The claim, seeking rescission of the agreement and compensation, is that FirstRand is liable as primary tortfeasor on the grounds that the payment of commission was a bribe, or alternatively as an accessory to the dealer’s breach of fiduciary duty.
Deputy District Judge James at Basingstoke County Court allocated the case to the fast-track but, on appeal by FirstRand, District Judge Lynds – who described it as at best a “half-secret commission” case – reallocated it to the small claims track.
The claimant appealed but HHJ Glen rejected it. The hearing occurred just before the Johnson ruling but he invited counsel to make written submissions on it.
HHJ Glen said the district judge was wrong, at least in light of Johnson, to find there was no realistic prospect of the claimant establishing that this was a secret commission case.
However, he went on: “The law as it applies to the primary issues that arise in cases of this kind is, as the Court of Appeal observed in refusing permission to appeal in Johnson, well settled.
“District judges see ever increasing numbers of claims of this kind in which the same arguments are deployed by the parties, referring to the same authorities (whether properly so called or not). “Evidence is likely to be limited. The district judge’s reference to payment protection insurance claims was apposite. When such claims first came to the fore, it was routinely asserted that their complexity meant that they could only be tried on the fast track. Experience has shown that the small claims track is well suited to such disputes.”

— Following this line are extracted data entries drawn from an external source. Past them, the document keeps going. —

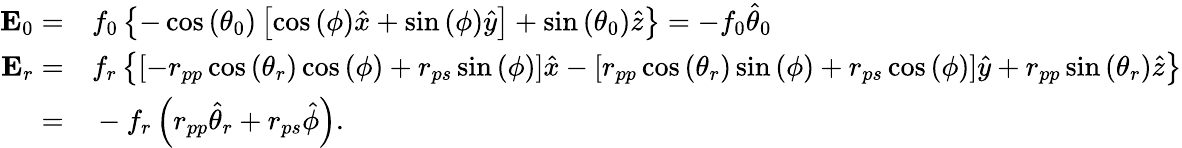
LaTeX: \begin{array}{rl}{\mathbf{E}_{0}=}&{{}f_{0}\left\{ -\cos{(\theta_{0})}\left[\cos{(\phi)}\hat{x}+\sin{(\phi)}\hat{y}\right]+\sin{(\theta_{0})}\hat{z}\right\} =-f_{0}\hat{\theta}_{0}}\\ {\mathbf{E}_{r}=}&{{}f_{r}\left\{ \left[-r_{pp}\cos{(\theta_{r})}\cos{(\phi)}+r_{ps}\sin{(\phi)}\right]\hat{x}-\left[r_{pp}\cos{(\theta_{r})}\sin{(\phi)}+r_{ps}\cos{(\phi)}\right]\hat{y}+r_{pp}\sin{(\theta_{r})}\hat{z}\right\} }\\ {=}&{{}-f_{r}\left(r_{pp}\hat{\theta}_{r}+r_{ps}\hat{\phi}\right).}\end{array}
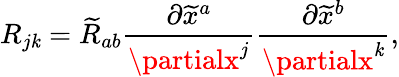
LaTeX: R_{j\mathit{k}}={\widetilde{{R}}}_{ab}{\frac{{\partial{\widetilde{{x}}}^{a}}}{{\partialx^{j}}}}{\frac{{\partial{\widetilde{{x}}}^{b}}}{{\partialx^{\mathit{k}}}}},
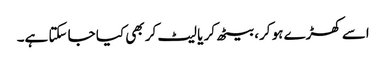
اسے کھڑے ہو کر، بیٹھ کر یا لیٹ کر بھی کیا جا سکتا ہے۔
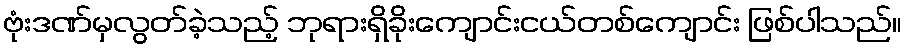
ဗုံးဒဏ်မှလွတ်ခဲ့သည့် ဘုရားရှိခိုးကျောင်းငယ်တစ်ကျောင်း ဖြစ်ပါသည်။
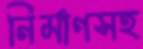
নির্মাণসহ
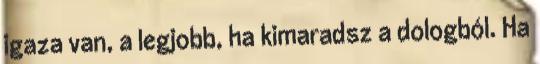
igaza van, a legjobb, ha kimaradsz a dologból. Ha
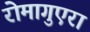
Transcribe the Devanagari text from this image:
रोमागुएरा
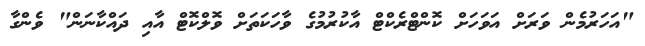
"އަހަރުމެން ވަރަށް އަވަހަށް ކޮންޓްރެކްޓް އާކުރުމުގެ ވާހަކަތަށް ވޮލްކޮޓް އާއި ދައްކާނަން" ވެންގާ
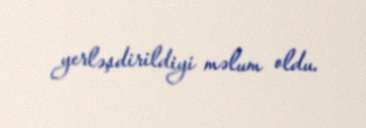
yerləşdirildiyi məlum oldu.
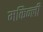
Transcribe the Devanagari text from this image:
मकिन्ली
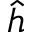
\hat { h }
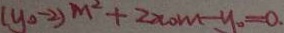
( y _ { 0 } - 2 ) m ^ { 2 } + 2 x _ { 0 } m - y _ { 0 } = 0 .
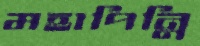
মহাপিন্নি
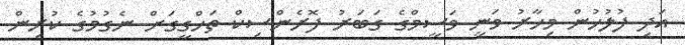
އަދި ފުލުހުން މިހާރު ވަނީ ވަސީމްގެ ގަބަރު ފޮރެންސިކް ތަހްގީގަށް ނެގުމުގެ ކުރިން
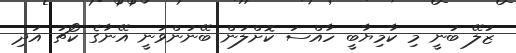
ޒުލޭ ބުނީ މި ކާމިޔާބީ ހާއްސަ ކޮށްލަން ބޭނުންވަނީ އޭނާގެ ކޯޗު އަދި
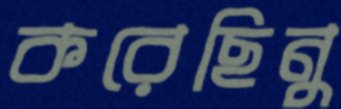
করেছিনু
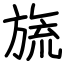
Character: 旒
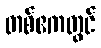
တစ်ဧကတွင်
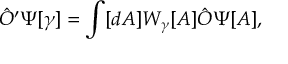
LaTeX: { \hat { O } } ^ { \prime } \Psi [ \gamma ] = \int [ d A ] W _ { \gamma } [ A ] { \hat { O } } \Psi [ A ] ,
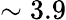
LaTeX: \sim 3.9
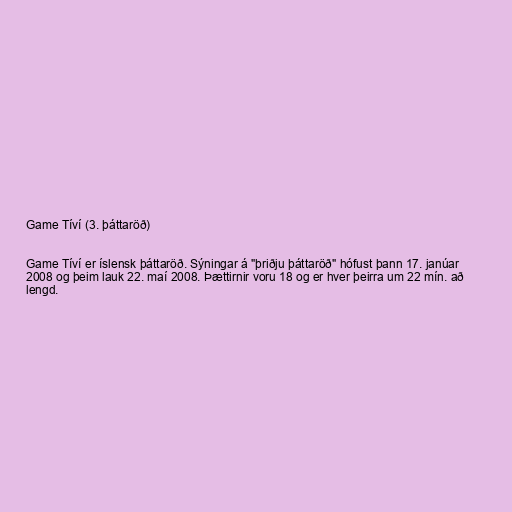
Game Tíví (3. þáttaröð)

Game Tíví er íslensk þáttaröð. Sýningar á "þriðju þáttaröð" hófust þann 17. janúar
2008 og þeim lauk 22. maí 2008. Þættirnir voru 18 og er hver þeirra um 22 mín. að
lengd.
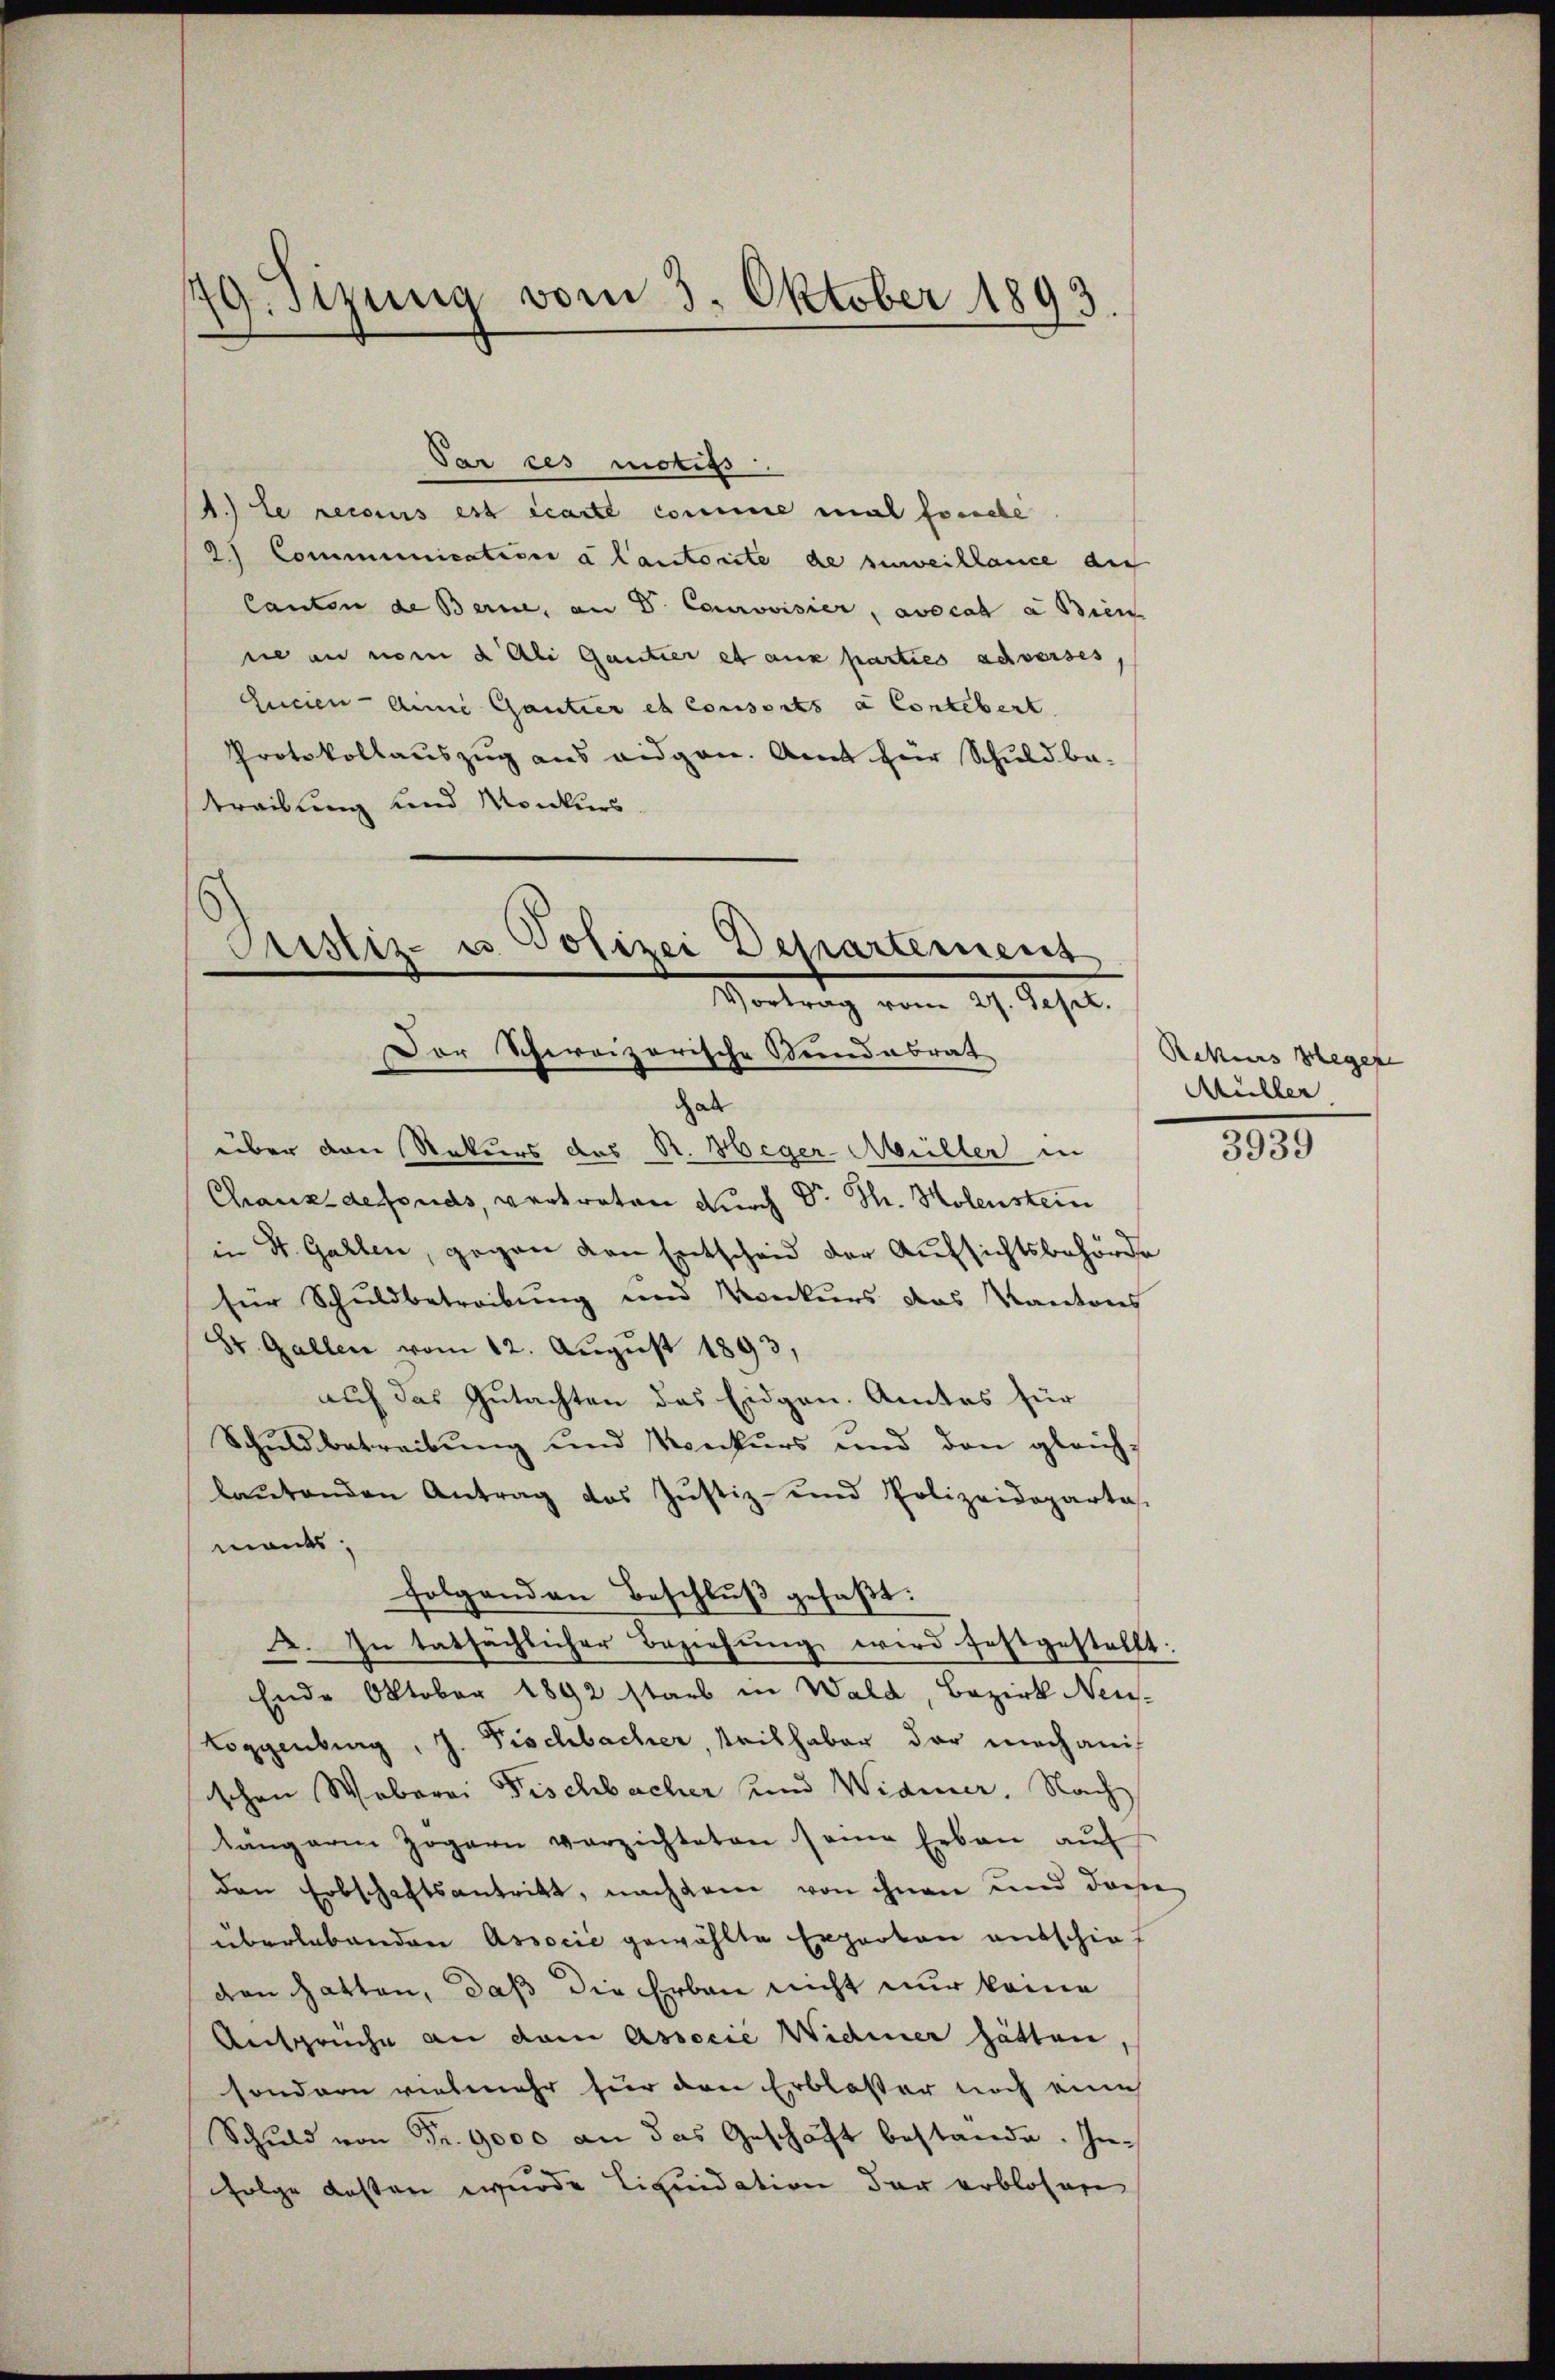
G.sizung vom 3. Oktober 1893.

Par ces motifs
1.) Le recours est écarte comme mal foncte
2.) Communication a lautorite de surveillance auf
Canton de Berne, an V. Courovisier, avocat a Bien
ne an nom d Ali Gantier et aux parties achverses
Aunen Annie Gantier et Consorts à Contebert
Protokollauszug aus eidgen. Amt für Schuld be-
treibung und Monkurs

Cristiz- u. Polizei Departement
Vortrag vom 27. Sept.
Der Schweizerische Stundabrat

halt
über von Rekurs des R. Heger-Müller in
Chaux-defonds, vertreten durch Dr. Th. Holenstein
in St. Gallen, gegen den Entscheid der Aufsichtsbehörde
für Schuldbetreibung und Konkurs das Kantons
St. Gallen vom 12. August 1893,
auf das Gutachten das Eidgen. Amtes für
Schuldbetreibung und Konkurs und den gleich-
baŭtenden Antrag des Jŭstiz- und Polizeidepartas
mants;
folgenden Beschlŭβ gefaßt:
2. In tatsächlicher Beziehung wird festgestellt:
Ende Oktober 1892 starb in Wald, Bezirk Neu-
Loggenburg, J. Fischbacher, teilhaber der mechanis
schen Weberei Fischbacher und Widmer. Nach
längern Zögern verzichteten seine Erben aŭf
den Erbschaftsantritt, nachdem von ihnen und dasse
überlebenden Associć gewählte Experten entschief
den hatten, daß die Erben nicht nur keine
Anspruche an dem Associé Widmer hätten,
sondern vielmehr für den Erblasser noch eine
Schuld von Fr. 9000 an das Geschäft bestande. Infolge dessen wurde Liquidation der erblosen

Rekurs schegese
Müller

3939
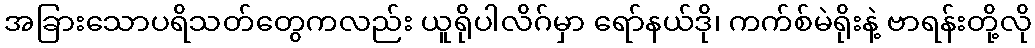
အခြားသောပရိသတ်တွေကလည်း ယူရိုပါလိဂ်မှာ ရော်နယ်ဒို၊ ကက်စ်မဲရိုးနဲ့ ဗာရန်းတို့လို
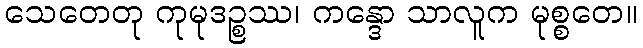
သေတေတု ကုမုဒဉ္စဿ၊ ကန္ဒော သာလူက မုစ္စတေ။
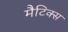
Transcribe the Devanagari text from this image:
मैटिक्स
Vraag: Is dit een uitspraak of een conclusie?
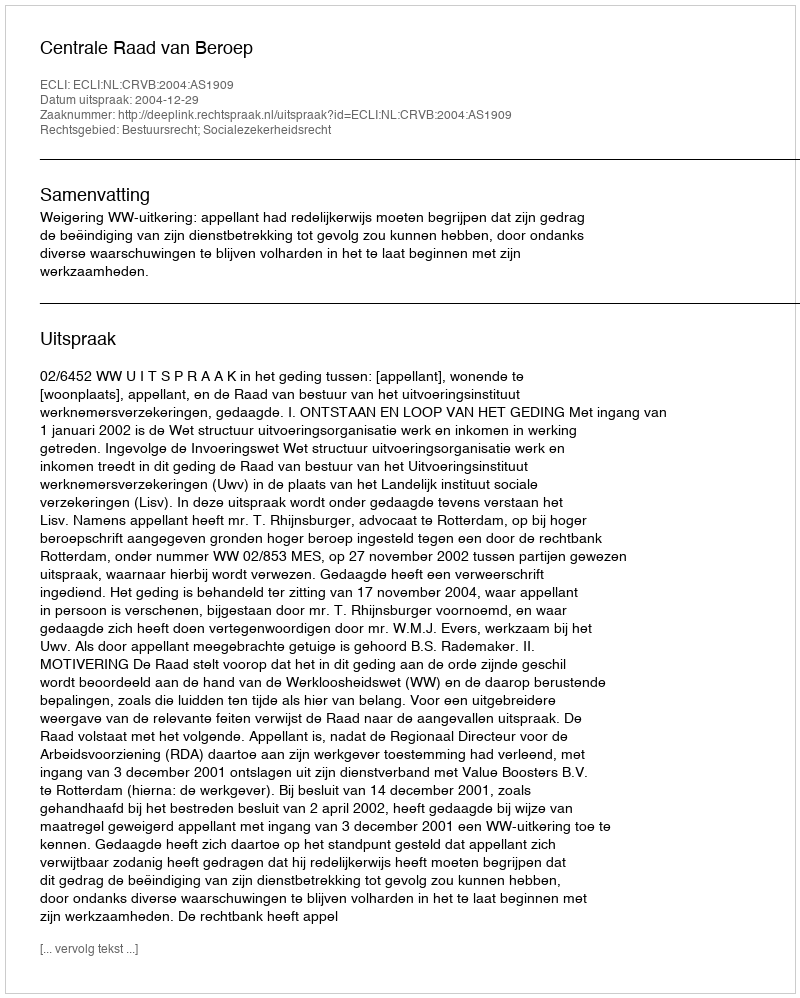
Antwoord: Uitspraak

The district judge, HHJ Glen continued, was right to conclude that the case was not unduly complex or that allocation to the fast-track was necessary in order to allow the matter to be tried fairly, either in terms of the directions required or the claimant’s expressed need for representation.
Counsel for the claimant “was careful not to say” that his solicitors would be unable to continue to act in the event of allocation to the small claims track.
“The reality on the ground is that claimants in such cases continue to be represented on that track, albeit that the funding model may provide a less attractive basis for remuneration than an inter partes costs order.”